À ce moment-là, Zard semblait étonnamment normal. Il couvrit les yeux de Xiaoyu par précaution et murmura : « Ne regarde pas, n'aie pas peur. »
Ce que je vois devant moi est la scène la plus cruelle au monde.
Les personnes qui viennent d'entamer une vie meilleure sont incapables de regarder en arrière et de regarder le chemin parcouru.
Car des mains sales les manipulent, cherchant à les entraîner dans un abîme, et les dieux les menacent s'ils continuent d'être des espions.
Cependant, les habitants de l'Âge des Dieux n'auraient sans doute jamais imaginé que ceux qui s'étaient jadis soumis à la vie et au destin auraient désormais le courage de mettre fin à leurs jours.
Il n'y a pas de mythes en ce monde, et les craintes des familles Li et Qing ne sont pas infondées. Chacun sait parfaitement ce qui se produira dans cet environnement cruel.
Cependant, les quatre soldats ont fait leur propre choix. Ils ne pouvaient se résoudre à l'admettre et ne voulaient pas mettre leurs camarades dans une situation difficile.
Li Cheng resta longtemps près de leurs corps : « Enterrez-les. N'en parlez à personne. Ce n'étaient pas des traîtres. Ainsi, les familles Li et Qing continueront d'envoyer de l'argent à leurs familles. »
« Oui », acquiesça Qingling.
Le groupe a enterré les quatre guerriers dans la Terre Interdite n° 002.
Li Cheng s'écria soudain : « Voilà le monde auquel nous devons faire face. Il est cruel, et il le sera toujours. Continuons d'avancer ! »
Après avoir dit cela, il se retourna et prit la direction de Yangyang : « Désolé de vous avoir fait attendre. »
Yangyang secoua la tête, se retourna sans dire un mot et prit la tête du mouvement.
À vrai dire, elle a un instant envié Qing Chen, car les troupes qu'il avait ramenées de la base A02, bien que n'étant plus à leur apogée, étaient devenues l'une des troupes les plus résistantes au monde après plus de dix ans d'entraînement.
Le Cundi Dharma peut rattraper ces dix années perdues.
Et cette épée, affûtée pendant plus de dix ans, est sur le point d'être tirée du fourreau de Qing Chen.
Le groupe arriva au cœur de la zone interdite, où Dingdong les attendait déjà. Yangyang dit
: «
Approchez-vous lentement et posez votre main dans la sienne. Un instant suffit pour savoir s’il y a des espions parmi nous.
»
Li Cheng et Qing Ling échangèrent un regard.
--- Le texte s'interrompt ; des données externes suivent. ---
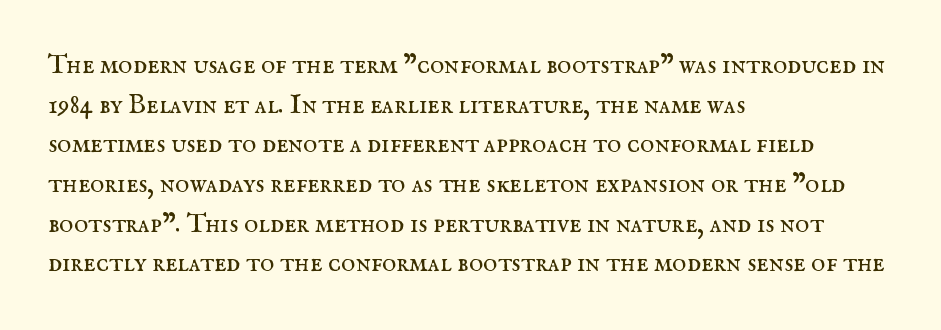
Notice how descenders clear the ascenders below comfortably — that's standard leading. Inter-character spacing is left at the font's built-in metrics. Bare-footed words on every line. The strokes are not fattened; the text isn't bold. A student would call this left alignment; a typographer would say flush left, rag right.
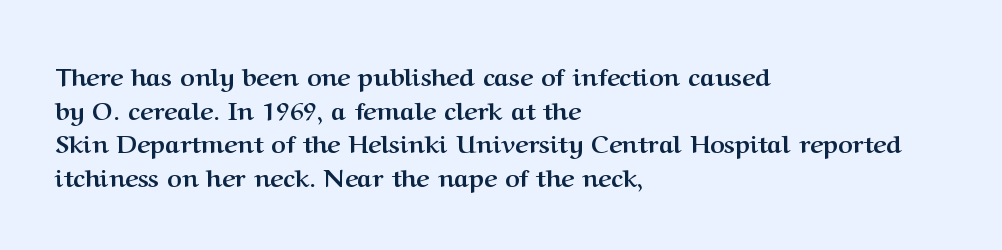
{"italic": "no", "bold": "yes", "underline": "no", "align": "left", "line_spacing": "normal", "line_spacing_ratio": 1.35, "letter_spacing": "normal", "letter_spacing_em": 0.0, "glyph_px": 25}
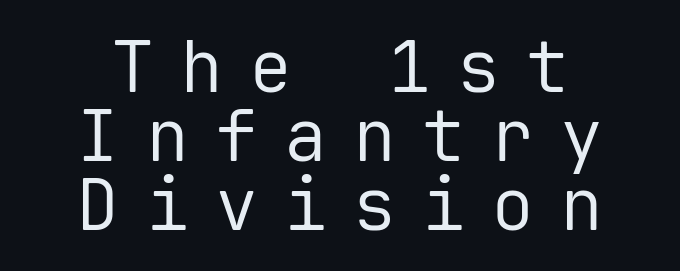
Q: Is the text bold? A: No.
Q: Is the text italic (slanted)? A: No, it is upright.
Q: Is the typeface a serif or a sans-serif typeface? A: Sans-serif.
Q: Is the text underlined? A: No.
Q: How is the paragraph aligned? A: Centered.
Q: Is the spacing between letters normal or unusually wide? A: Unusually wide.
Q: Is the spacing between lines tight, normal or loose? A: Tight.
Q: Width (condensed, normal, or wide)? A: Normal.
Q: Stroke contrast? A: Low.
Q: x-height? A: Medium.
Q: Monospaced? A: Yes.
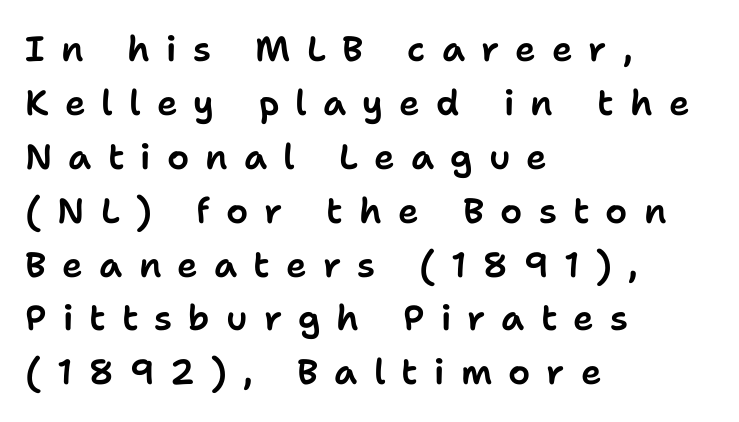
The image shows 35 px sans-serif type, upright; set left-aligned, normal line spacing (1.54x), unusually wide letter spacing (+0.46 em), not underlined; low stroke contrast and a medium x-height.
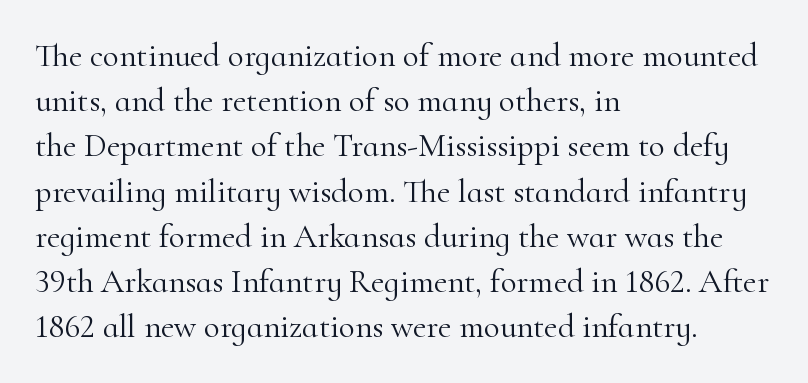
Q: Is the text bold? A: No.
Q: Is the text italic (slanted)? A: No, it is upright.
Q: Is the typeface a serif or a sans-serif typeface? A: Serif.
Q: Is the text underlined? A: No.
Q: How is the paragraph aligned? A: Left-aligned.
Q: Is the spacing between letters normal or unusually wide? A: Normal.
Q: Is the spacing between lines tight, normal or loose? A: Normal.
Q: Width (condensed, normal, or wide)? A: Normal.
Q: Stroke contrast? A: High.
Q: x-height? A: Small.
Q: Monospaced? A: No.
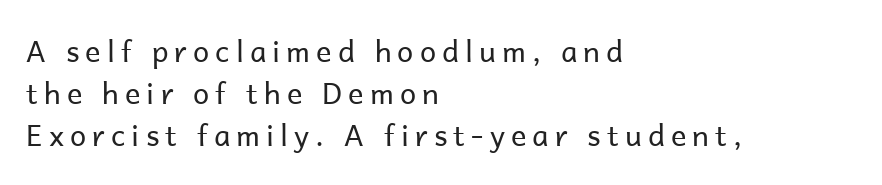
The image shows 29 px regular-weight sans-serif type, upright; set left-aligned, normal line spacing (1.45x), unusually wide letter spacing (+0.21 em), not underlined; low stroke contrast and a medium x-height.
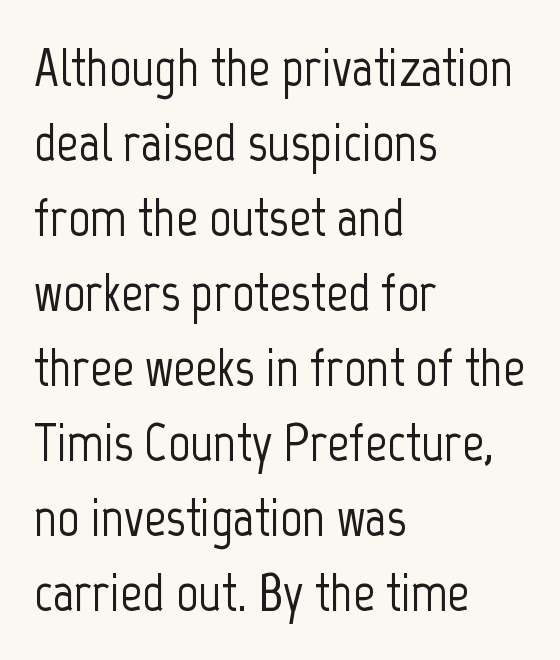
Compared with typical paragraphs, the rows here are spaced about the same. Varying glyph widths throughout — classic text-font behaviour. The lines are quadded left. The type sits square on the baseline with zero lean.
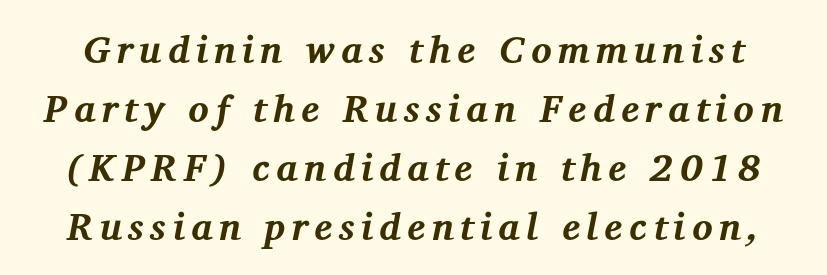
Q: Is the text bold? A: Yes.
Q: Is the text italic (slanted)? A: Yes, it leans right by about 12 degrees.
Q: Is the typeface a serif or a sans-serif typeface? A: Serif.
Q: Is the text underlined? A: No.
Q: Is the spacing between lines tight, normal or loose? A: Normal.
Q: Width (condensed, normal, or wide)? A: Normal.
Q: Stroke contrast? A: Medium.
Q: x-height? A: Medium.
Q: Monospaced? A: No.
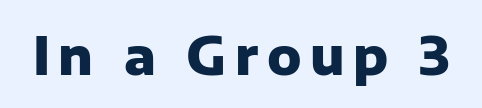
{"serif": "no", "italic": "no", "bold": "yes", "weight": "heavy", "width": "normal", "stroke_contrast": "low", "x_height": "medium", "monospaced": "no", "underline": "no", "glyph_px": 52}
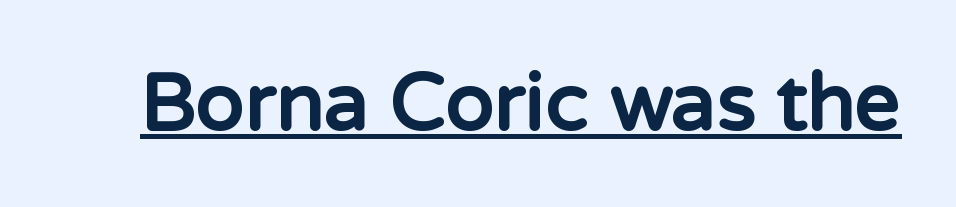
The image shows 80 px bold sans-serif type, upright; set normal letter spacing, underlined; low stroke contrast and a medium x-height.
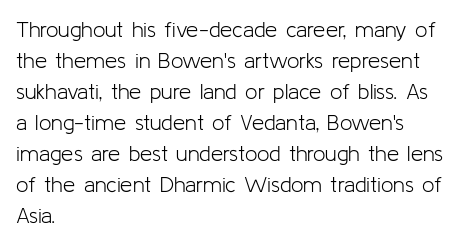
The words here are not underlined. Default kerning and tracking; the words read as compact shapes. The paragraph shown leans on its left margin. Posture: straight, roman, zero tilt. Vertical stems look standard width or narrower in stroke. Vertical spacing — default.
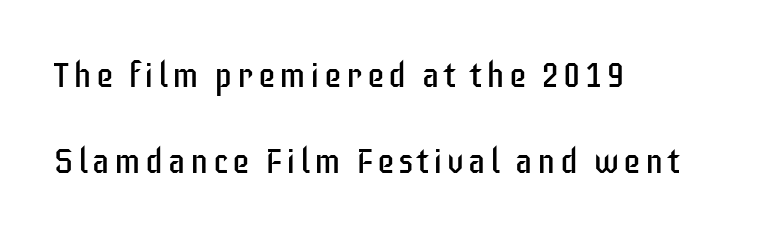
Whoever set this chose breathing room over compactness in the vertical rhythm. The typesetting does not lean heavy: it is not bold. The foot of each line stays bare and open. Posture: vertical. A typesetter would call this proportional, since set widths differ per character. Unlike a traditional serif, this face leaves its strokes unadorned.

Ils s'attendaient à ce que Qing Chen utilise une méthode cruelle pour les tester, mais ils ne pensaient pas que ce serait aussi simple.
Li Cheng fit le premier pas en avant et plaça sa main dans la paume de Dingdong.
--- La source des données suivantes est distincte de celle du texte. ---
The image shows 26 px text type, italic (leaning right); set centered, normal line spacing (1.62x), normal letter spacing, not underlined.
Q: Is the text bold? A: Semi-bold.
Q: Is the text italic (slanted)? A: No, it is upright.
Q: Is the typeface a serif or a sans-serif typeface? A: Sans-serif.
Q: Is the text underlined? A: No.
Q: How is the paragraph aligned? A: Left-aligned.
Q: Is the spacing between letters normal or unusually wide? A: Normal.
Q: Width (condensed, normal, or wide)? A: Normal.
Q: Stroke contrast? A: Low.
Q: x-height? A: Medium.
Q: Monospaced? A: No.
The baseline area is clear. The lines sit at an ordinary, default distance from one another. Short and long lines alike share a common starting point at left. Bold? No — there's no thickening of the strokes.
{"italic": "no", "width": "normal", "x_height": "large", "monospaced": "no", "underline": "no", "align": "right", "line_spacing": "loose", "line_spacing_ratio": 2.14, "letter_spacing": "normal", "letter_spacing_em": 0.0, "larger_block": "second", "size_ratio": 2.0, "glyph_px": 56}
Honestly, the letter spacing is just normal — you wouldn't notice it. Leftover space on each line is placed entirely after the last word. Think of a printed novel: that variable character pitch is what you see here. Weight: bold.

Au bout de deux secondes seulement, Dingdong rit et lui fit signe de la main, lui indiquant de continuer à marcher.
Qingling s'avança également, imitant Li Cheng, et Dingdong leur fit signe de passer.
Les soldats défilaient un à un devant Dingdong, subissant ce merveilleux processus de sélection.
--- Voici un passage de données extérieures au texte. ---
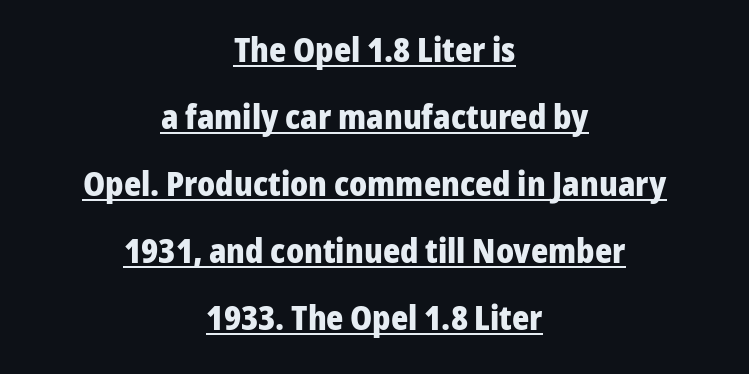
{"serif": "no", "italic": "no", "bold": "yes", "weight": "heavy", "width": "normal", "stroke_contrast": "low", "x_height": "medium", "monospaced": "no", "underline": "yes", "align": "center", "line_spacing": "loose", "line_spacing_ratio": 2.03, "letter_spacing": "normal", "letter_spacing_em": 0.0, "glyph_px": 33}
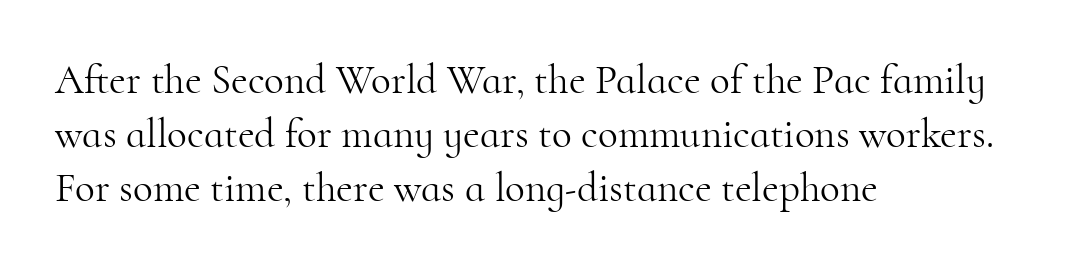
{"serif": "yes", "italic": "no", "bold": "no", "weight": "light", "width": "normal", "stroke_contrast": "high", "x_height": "small", "monospaced": "no", "underline": "no", "align": "left", "line_spacing": "normal", "line_spacing_ratio": 1.32, "letter_spacing": "normal", "letter_spacing_em": 0.0, "glyph_px": 41}
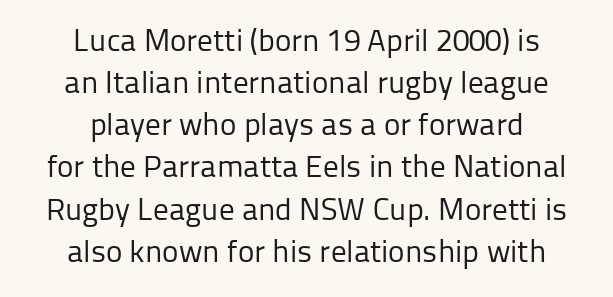
{"serif": "no", "italic": "no", "bold": "no", "weight": "regular", "width": "normal", "stroke_contrast": "low", "x_height": "medium", "monospaced": "no", "underline": "no", "align": "center", "line_spacing": "normal", "line_spacing_ratio": 1.36, "letter_spacing": "normal", "letter_spacing_em": 0.0, "glyph_px": 31}

Une fois que chacun eut terminé son choix, Dingdong dit à Yangyang : « Dingdong ! »
Le problème, c'est que Gudu, qui pouvait traduire la langue de Dingdong, est parti poursuivre ses conquêtes, et Qingchen est déjà en route pour la Cité 10. Par conséquent, parmi tous les présents, il n'y a personne qui comprenne la langue de Dingdong...
Yangyang dit à Dingdong : « Je vais te poser une question, et tu peux simplement hocher la tête ou la secouer. Y a-t-il des espions dans l'équipe ? »
Dingdong secoua la tête en souriant.